Electronic health record data from the University of Washington were text mined for clinical impression and diagnoses made by the treating physicians for emergency department (ED) encounters during February 2015 to February 2021. The full text of the physician notes was extracted from the clinical enterprise data warehouse and text mined for diagnoses and impressions of interest. We included all diagnoses of “conjunctivitis”; however, “allergic conjunctivitis” was excluded. As a negative control, monthly diagnoses of corneal abrasions and posterior vitreous detachments (PVDs) were extracted. The total number of distinct new patients presenting to the ED each month was calculated.

Search data and ED data were analyzed using a counterfactual control method¹⁴ with the objective of building a counterfactual model of what would have happened if there were no lockdowns or changes in behavior. A bayesian structural time series¹⁵ is a generalization of difference-in-differences approach to time-series analyses. The methods model the counterfactual of a time series observed before and after the initial social distancing and provide a bayesian time-series estimate of the outcome. The method constructs a counterfactual control combining a set of candidate’s time series in the pre–social distancing period and a seasonal component. The model then computes the posterior distribution of the counterfactual time series after March 11, 2020 (the date of the World Health Organization’s announcement of a global pandemic), and the difference between the observation and the counterfactual time series is a bayesian posterior distribution for the causal outcome. We include the directed acyclic graph of our modeling as eFigure 1 in the Supplement. Pearson correlation coefficients were used to measure correlation. All statistical analyses were performed with Python version 3.8.12 (Python Software Foundation; https://python.org/) and the package CausalImpact, version 1.2.¹⁵ Reported P values are based on a 1-sided hypothesis test; P values were not adjusted for multiple comparisons. A P value less than .05 was considered statistically significant. An open-source repository with the analyses used in this manuscript are provided as a GitHub repository (https://github.com/jlavista/conjunctivitis).

Results

The overall proportion of search interests on conjunctivitis were similar between January 2016 to December 2019 (mean [range] search interest, 77 [71-80] total normalized queries per year; possible range, 0-100), while the proportion during 2020 were lower (mean search interest, 59 total normalized queries per year) (Figure 1A). A consistent trend of lower search interests during summer months (July, August, and September; mean [range], 60.5 [58-62] total normalized queries) and higher search interests during winter months (January, February, and March; mean [range], 82.2 [80-84] total normalized queries) was shown during 2016 through 2019. In contrast, the search interest in conjunctivitis abruptly decreased in March 2020 and remained low throughout the year (mean [range], 45 [38-49] total normalized queries; with the exception for the following outlier), except for a peak during November 2020 (peaking at 100 total normalized queries), which coincided with the US vice presidential debate. No substantial differences in the proportion of search interests for terms about corneal abrasion, floaters, or photopsia occurred between 2016 and 2020 (Figure 1B-D).

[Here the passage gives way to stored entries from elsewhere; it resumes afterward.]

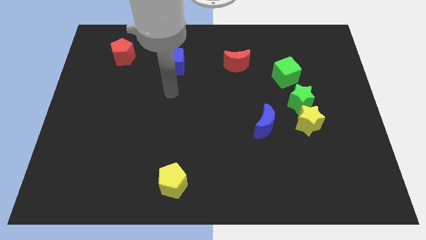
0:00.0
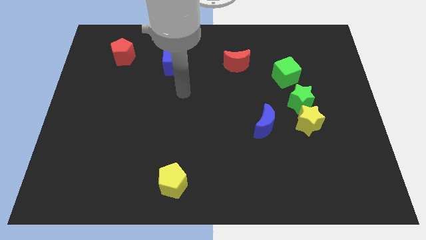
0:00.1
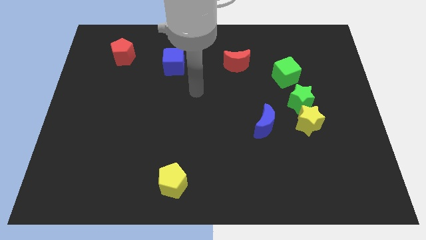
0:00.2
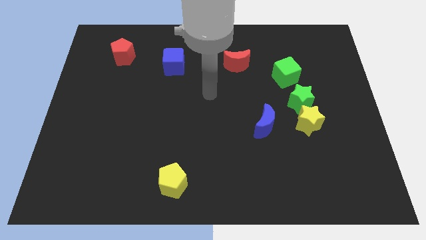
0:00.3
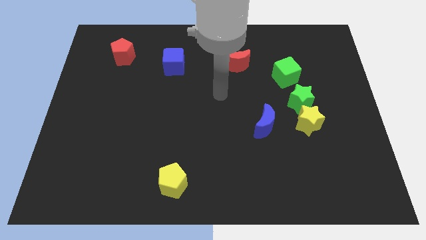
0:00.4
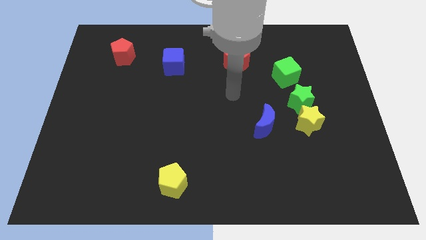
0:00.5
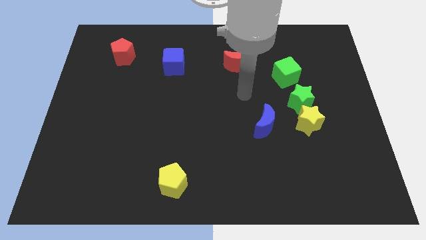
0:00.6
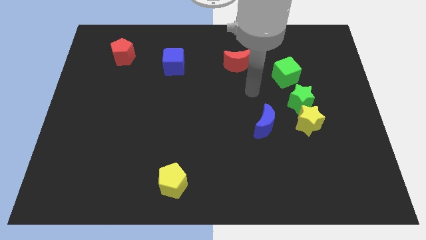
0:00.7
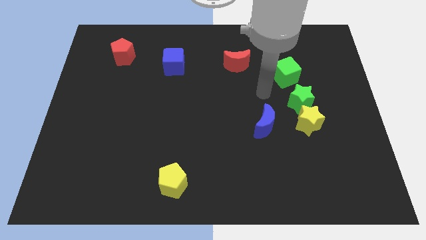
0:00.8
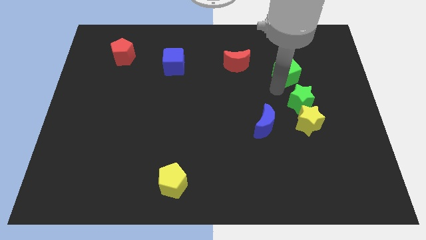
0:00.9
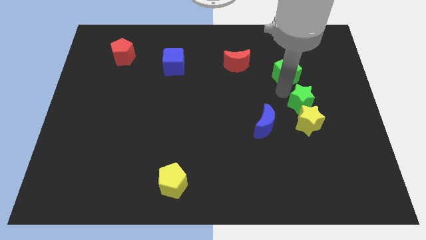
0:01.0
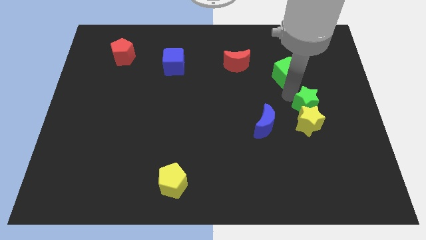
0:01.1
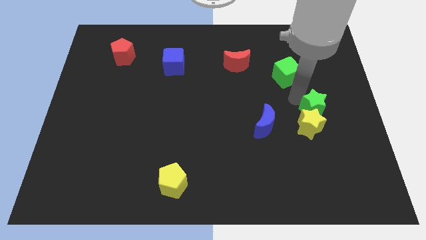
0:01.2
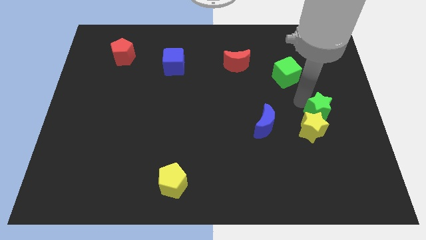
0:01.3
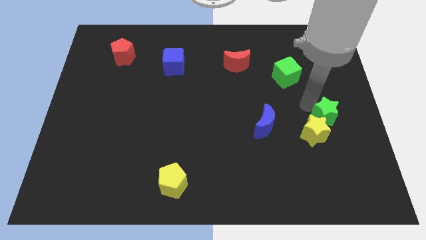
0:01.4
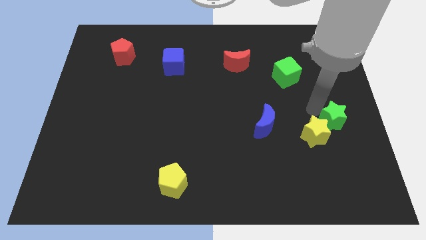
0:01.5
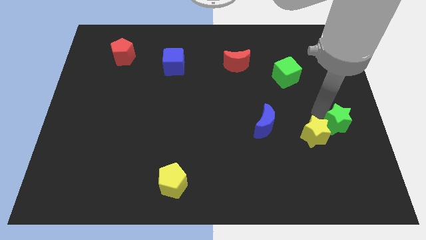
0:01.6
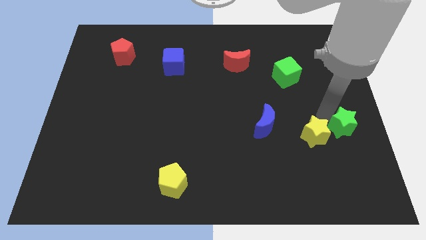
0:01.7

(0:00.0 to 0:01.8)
move the green star away from the yellow star and green cube

Figure 1. — Comparison of conjunctivitis search queries (A) with other frequently searched ophthalmic conditions (B-D) during 2016 through 2020. Normalized search interest searched against the week of the year. The shaded area corresponds to the beginning of the COVID-19 pandemic in March 2020.

To examine the temporal association between social distancing and the change in conjunctivitis search interest, we used community cell-phone mobility data to quantify the decrease in mobility of the US population (Figure 2). Both time series were mildly correlated (r = 0.52) without temporal correction. The time interval that maximized the correlation in the drop of search interest with social distancing was 3 weeks (r = 0.92; Figure 3). Using searches for corneal abrasion, floaters, and photopsia, we created a counterfactual control using a seasonally corrected, bayesian time-series model (Figure 4A). After the widespread adoption of social distancing in March 2020, we found a decrease of 34.2% (95% CI, −30.6% to −37.6%; P < .001) in conjunctivitis-associated search activity.

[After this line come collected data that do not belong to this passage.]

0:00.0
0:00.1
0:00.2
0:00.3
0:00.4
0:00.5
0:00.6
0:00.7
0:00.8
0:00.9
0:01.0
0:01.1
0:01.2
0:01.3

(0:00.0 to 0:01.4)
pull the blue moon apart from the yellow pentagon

Figure 2. — Smartphone mobility index is plotted from February 15, 2020, to June 15, 2020, with the change in the search interest for conjunctivitis.

Figure 3. — The correlation of query interest for conjunctivitis with smartphone mobility index was measured at different time lag intervals in weeks.

Figure 4. — A, Searches over time for conjunctivitis modeled using the counterfactual controls of searches for corneal abrasion, floaters, and photopsias. The top section shows the predicted (orange line, shaded area as 95% CI) with the actual search interest (dark blue line). The vertical line represents the start of the pandemic. The bottom section shows the cumulative effect with 95% CIs over time after the start of the pandemic. Bayesian modeling shown for conjunctivitis (B), posterior vitreous detachment (C), and corneal abrasion (D) visits to the emergency department (ED), controlled for the total emergency visit volume.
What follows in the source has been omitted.